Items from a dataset
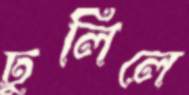
ঢুলিলে
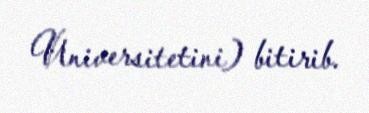
Universitetini) bitirib.
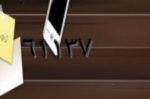
٦١١٣٧
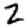
Digit: 2
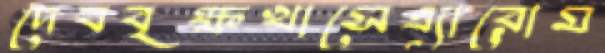
দেববৃক্ষখাসেএ্যারোম
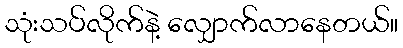
သုံးသပ်လိုက်နဲ့ လျှောက်လာနေတယ်။
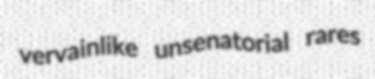
vervainlike unsenatorial rares
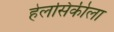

EXERCISE DESCRIPTION
Return the lines from the one containing "দেববৃক্ষখাসেএ্যারোম" through the last line of the records, both included, exactly as written and with no pictures.

EXPECTED OUTPUT
দেববৃক্ষখাসেএ্যারোম
သုံးသပ်လိုက်နဲ့ လျှောက်လာနေတယ်။
vervainlike unsenatorial rares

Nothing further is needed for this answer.